── Information ──

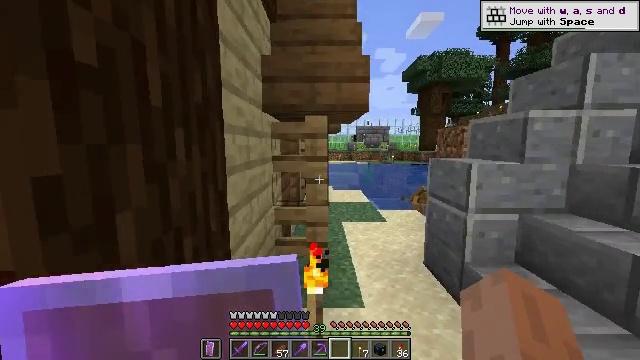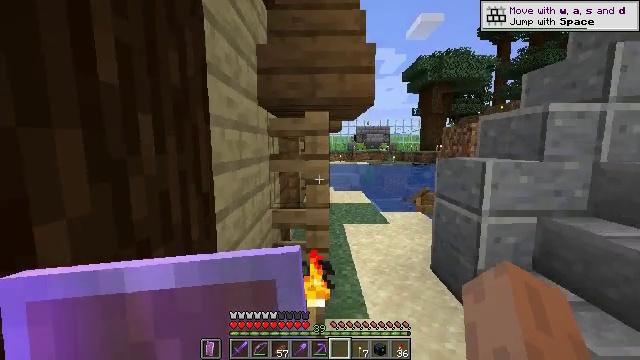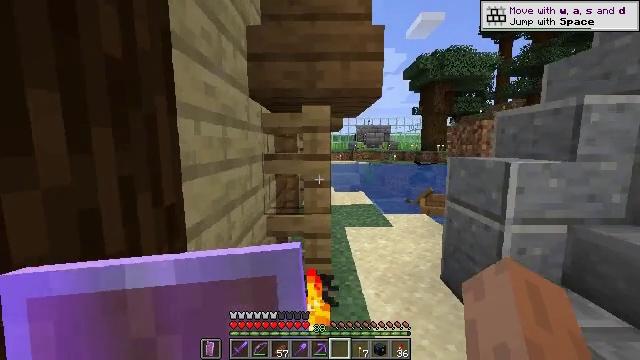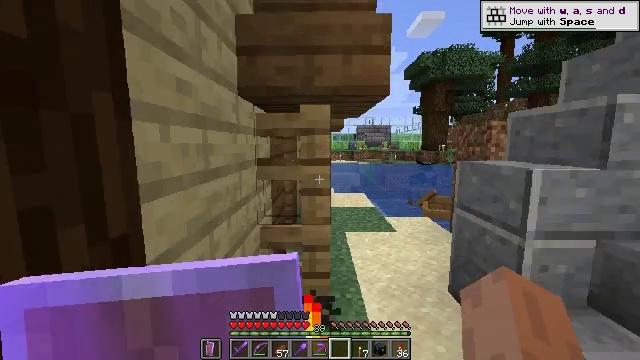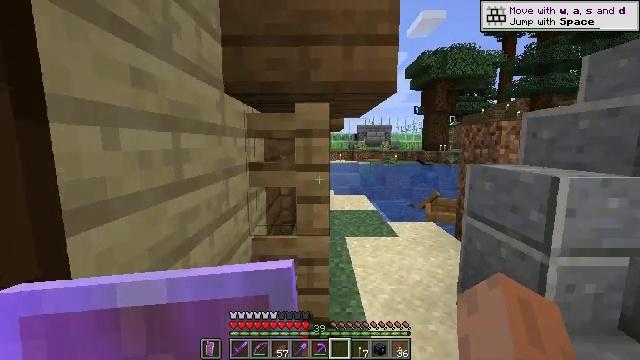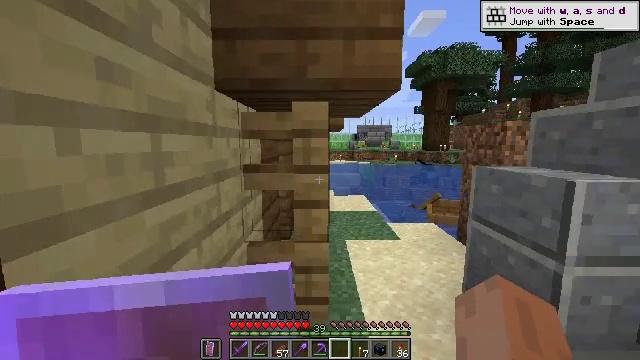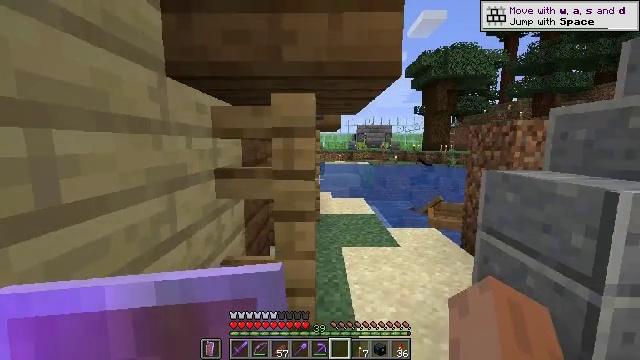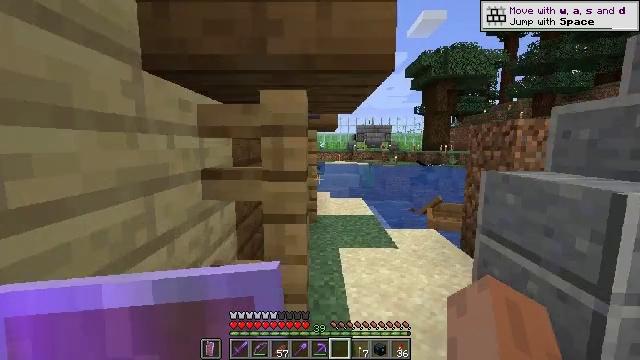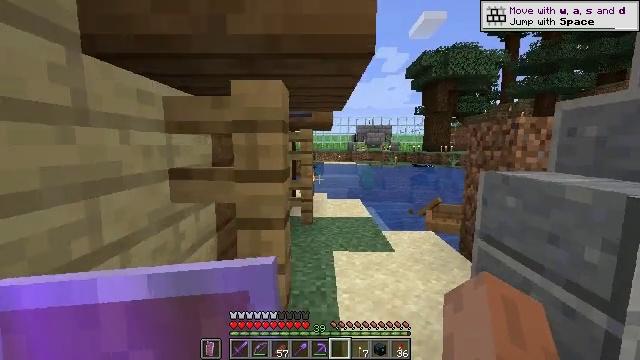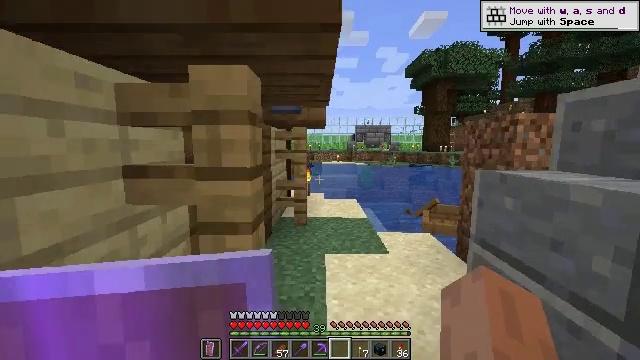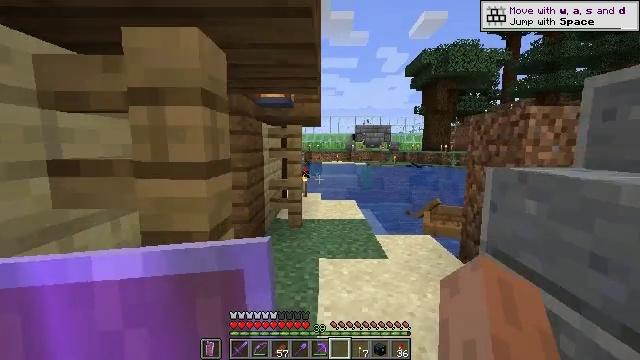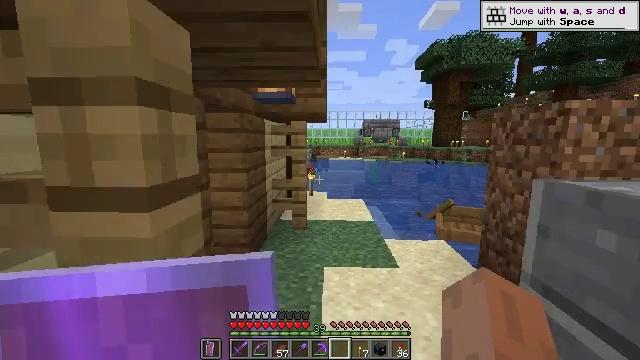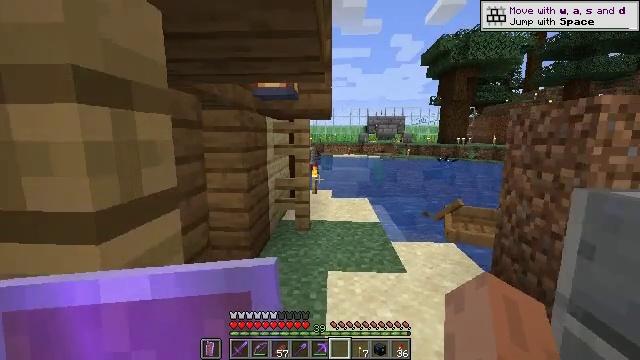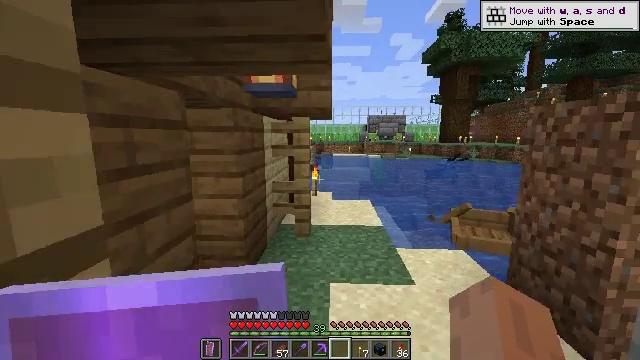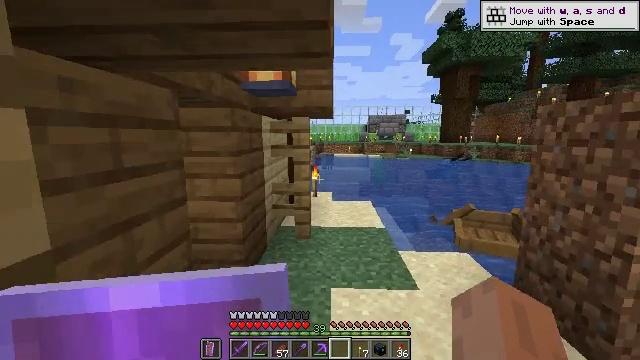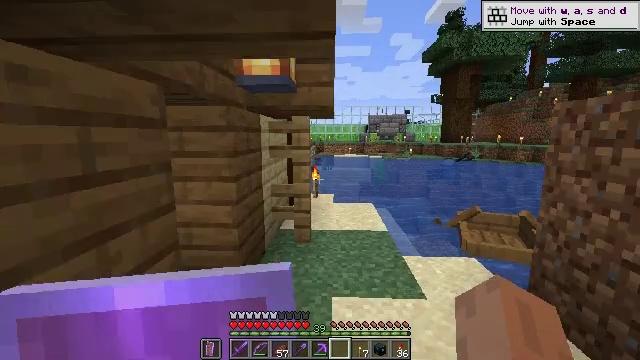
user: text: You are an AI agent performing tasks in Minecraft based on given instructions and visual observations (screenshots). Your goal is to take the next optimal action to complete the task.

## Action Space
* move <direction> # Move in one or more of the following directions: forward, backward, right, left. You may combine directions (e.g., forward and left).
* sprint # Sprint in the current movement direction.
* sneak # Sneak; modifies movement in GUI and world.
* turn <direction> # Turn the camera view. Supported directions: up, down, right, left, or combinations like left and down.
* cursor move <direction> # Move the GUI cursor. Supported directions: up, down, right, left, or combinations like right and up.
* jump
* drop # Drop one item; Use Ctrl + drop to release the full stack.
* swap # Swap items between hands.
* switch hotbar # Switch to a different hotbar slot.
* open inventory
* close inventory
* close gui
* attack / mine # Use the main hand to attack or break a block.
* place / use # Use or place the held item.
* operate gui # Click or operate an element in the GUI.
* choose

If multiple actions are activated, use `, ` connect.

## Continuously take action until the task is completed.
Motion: motion action
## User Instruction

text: Make glass by using sand in a furnace.
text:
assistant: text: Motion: move forward
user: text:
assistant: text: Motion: move forward
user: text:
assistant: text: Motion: move forward
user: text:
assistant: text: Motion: move forward
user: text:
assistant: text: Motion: move forward
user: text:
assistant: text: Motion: move forward and move right
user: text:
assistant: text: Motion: move forward and move right
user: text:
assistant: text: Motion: move forward and move right
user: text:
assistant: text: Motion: move forward
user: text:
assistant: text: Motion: move forward
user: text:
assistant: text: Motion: move forward, turn left
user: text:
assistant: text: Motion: move forward
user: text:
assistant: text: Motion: move forward
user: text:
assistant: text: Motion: move forward
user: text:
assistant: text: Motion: move forward
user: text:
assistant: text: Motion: move forward
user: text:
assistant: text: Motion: move forward
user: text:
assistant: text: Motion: move forward
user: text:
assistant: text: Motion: move forward
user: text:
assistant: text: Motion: move forward
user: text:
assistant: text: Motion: no_op
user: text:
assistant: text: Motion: no_op
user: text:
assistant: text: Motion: no_op
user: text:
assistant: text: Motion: no_op
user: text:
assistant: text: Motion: no_op
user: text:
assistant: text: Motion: no_op
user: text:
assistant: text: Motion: no_op
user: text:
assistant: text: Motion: no_op
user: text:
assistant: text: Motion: no_op
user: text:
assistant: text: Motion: turn left
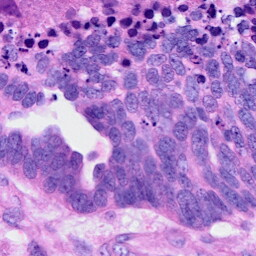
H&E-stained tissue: Ovarian
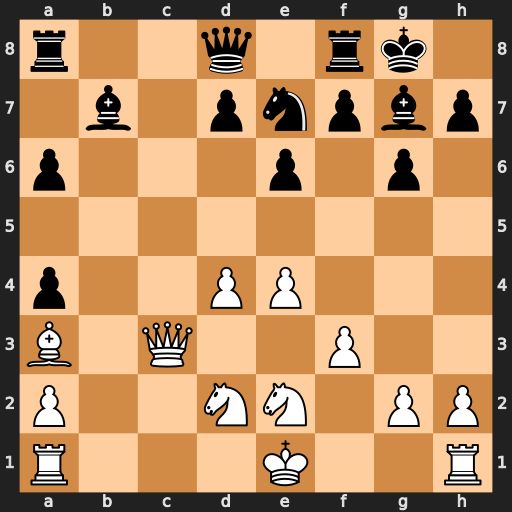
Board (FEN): r2q1rk1/1b1pnpbp/p3p1p1/8/p2PP3/B1Q2P2/P2NN1PP/R3K2R
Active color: w
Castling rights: KQ
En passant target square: -
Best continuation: Qb4 Re8 Qxb7
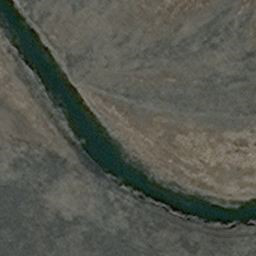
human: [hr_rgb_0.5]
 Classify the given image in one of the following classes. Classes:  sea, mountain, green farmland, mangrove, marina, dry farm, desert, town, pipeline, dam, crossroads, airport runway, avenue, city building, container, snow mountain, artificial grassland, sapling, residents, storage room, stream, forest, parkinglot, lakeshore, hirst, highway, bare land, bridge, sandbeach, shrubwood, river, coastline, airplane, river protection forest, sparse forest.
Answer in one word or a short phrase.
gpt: river

───

* **What needs to be done**:
Above are records with pictures; repeat them exactly, but without the pictures.

* **Solution to this exercise**:
user: text: You are an AI agent performing tasks in Minecraft based on given instructions and visual observations (screenshots). Your goal is to take the next optimal action to complete the task.

## Action Space
* move <direction> # Move in one or more of the following directions: forward, backward, right, left. You may combine directions (e.g., forward and left).
* sprint # Sprint in the current movement direction.
* sneak # Sneak; modifies movement in GUI and world.
* turn <direction> # Turn the camera view. Supported directions: up, down, right, left, or combinations like left and down.
* cursor move <direction> # Move the GUI cursor. Supported directions: up, down, right, left, or combinations like right and up.
* jump
* drop # Drop one item; Use Ctrl + drop to release the full stack.
* swap # Swap items between hands.
* switch hotbar # Switch to a different hotbar slot.
* open inventory
* close inventory
* close gui
* attack / mine # Use the main hand to attack or break a block.
* place / use # Use or place the held item.
* operate gui # Click or operate an element in the GUI.
* choose

If multiple actions are activated, use `, ` connect.

## Continuously take action until the task is completed.
Motion: motion action
## User Instruction

text: Make glass by using sand in a furnace.
text:
assistant: text: Motion: move forward
user: text:
assistant: text: Motion: move forward
user: text:
assistant: text: Motion: move forward
user: text:
assistant: text: Motion: move forward
user: text:
assistant: text: Motion: move forward
user: text:
assistant: text: Motion: move forward and move right
user: text:
assistant: text: Motion: move forward and move right
user: text:
assistant: text: Motion: move forward and move right
user: text:
assistant: text: Motion: move forward
user: text:
assistant: text: Motion: move forward
user: text:
assistant: text: Motion: move forward, turn left
user: text:
assistant: text: Motion: move forward
user: text:
assistant: text: Motion: move forward
user: text:
assistant: text: Motion: move forward
user: text:
assistant: text: Motion: move forward
user: text:
assistant: text: Motion: move forward
user: text:
assistant: text: Motion: move forward
user: text:
assistant: text: Motion: move forward
user: text:
assistant: text: Motion: move forward
user: text:
assistant: text: Motion: move forward
user: text:
assistant: text: Motion: no_op
user: text:
assistant: text: Motion: no_op
user: text:
assistant: text: Motion: no_op
user: text:
assistant: text: Motion: no_op
user: text:
assistant: text: Motion: no_op
user: text:
assistant: text: Motion: no_op
user: text:
assistant: text: Motion: no_op
user: text:
assistant: text: Motion: no_op
user: text:
assistant: text: Motion: no_op
user: text:
assistant: text: Motion: turn left
H&E-stained tissue: Ovarian
Board (FEN): r2q1rk1/1b1pnpbp/p3p1p1/8/p2PP3/B1Q2P2/P2NN1PP/R3K2R
Active color: w
Castling rights: KQ
En passant target square: -
Best continuation: Qb4 Re8 Qxb7
human: [hr_rgb_0.5]
 Classify the given image in one of the following classes. Classes:  sea, mountain, green farmland, mangrove, marina, dry farm, desert, town, pipeline, dam, crossroads, airport runway, avenue, city building, container, snow mountain, artificial grassland, sapling, residents, storage room, stream, forest, parkinglot, lakeshore, hirst, highway, bare land, bridge, sandbeach, shrubwood, river, coastline, airplane, river protection forest, sparse forest.
Answer in one word or a short phrase.
gpt: river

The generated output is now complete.